On the topic of Denmark and Sweden I experienced a great example of human friendship and open-ness whilst hitch hiking around Sweden after finishing my first degree.
Me and my friend from College were getting nowhere it was late at night and we had been waiting at the side of the road from our last lift for 3 hours. A BMW pulls up with a gorgeous blonde lady in it, a few years older than us, we were 21 and 23 respectivley, she was around 30. She offers to put us both up for the weekend at her weekend cabin. It transpires she is sharing it with her brother and pregnant girlfriend. We had the most wonderful weekend-barbecues, an elk hunt-just looking-no guns I do not believe in killing anything, my buddhist philosophy of life, we went skinny dipping in a very cold lake.
In matters of a carnal nature I drew a blank being a mere baby, the smile on my friend's face told me he was rather more lucky.

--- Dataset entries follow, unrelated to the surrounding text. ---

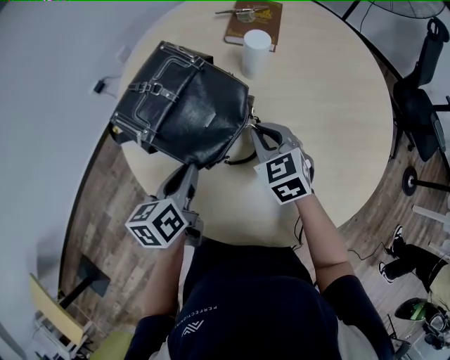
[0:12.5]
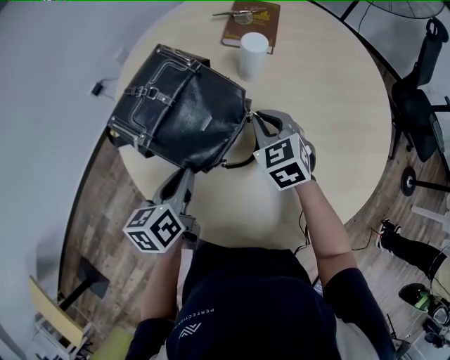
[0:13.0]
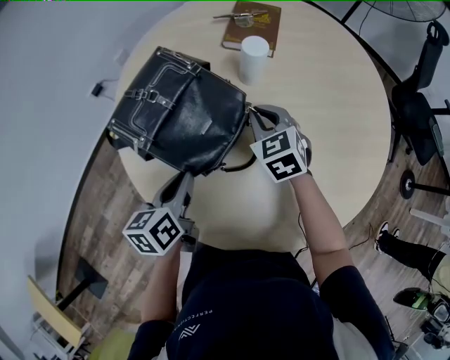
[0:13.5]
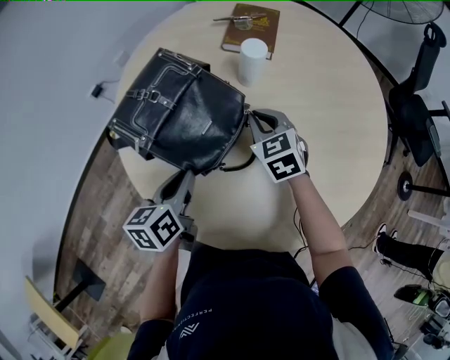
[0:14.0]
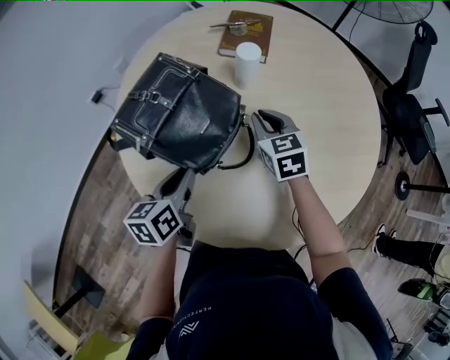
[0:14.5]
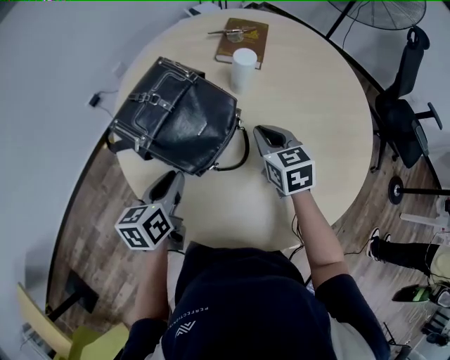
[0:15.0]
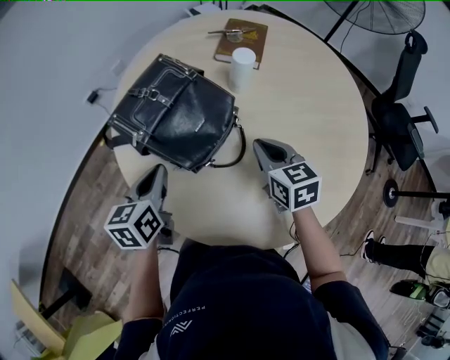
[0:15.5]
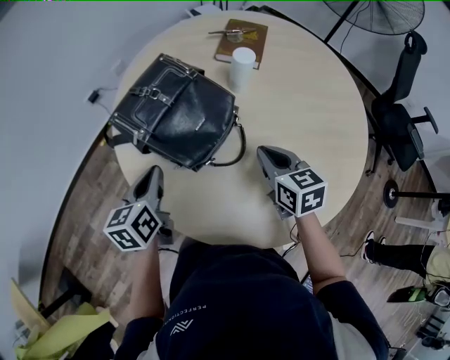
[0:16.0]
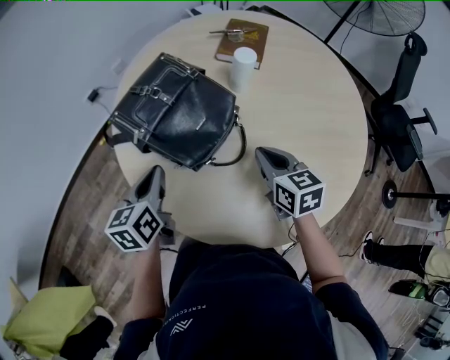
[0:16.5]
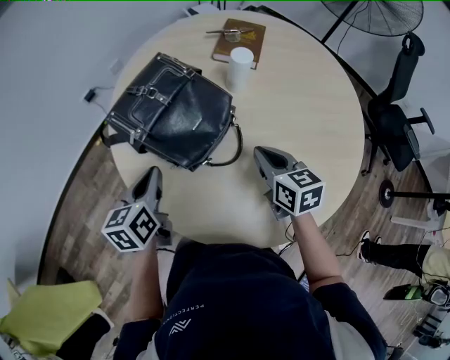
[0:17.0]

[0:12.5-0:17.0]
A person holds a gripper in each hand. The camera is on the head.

Great people, beautiful country, marvellous hospitality-what can I say.
Can you go back? I went back to that canyon many times after the first. Turns out it is a big party spot (haha!). We brought out generators and had a band play once. It was always magical, but not quite so magical as the first time I happened upon it.
New Mexico is filled with magic - it's not lie when they call it the land of enchantment.
You can never go back little k, the momnet has gone.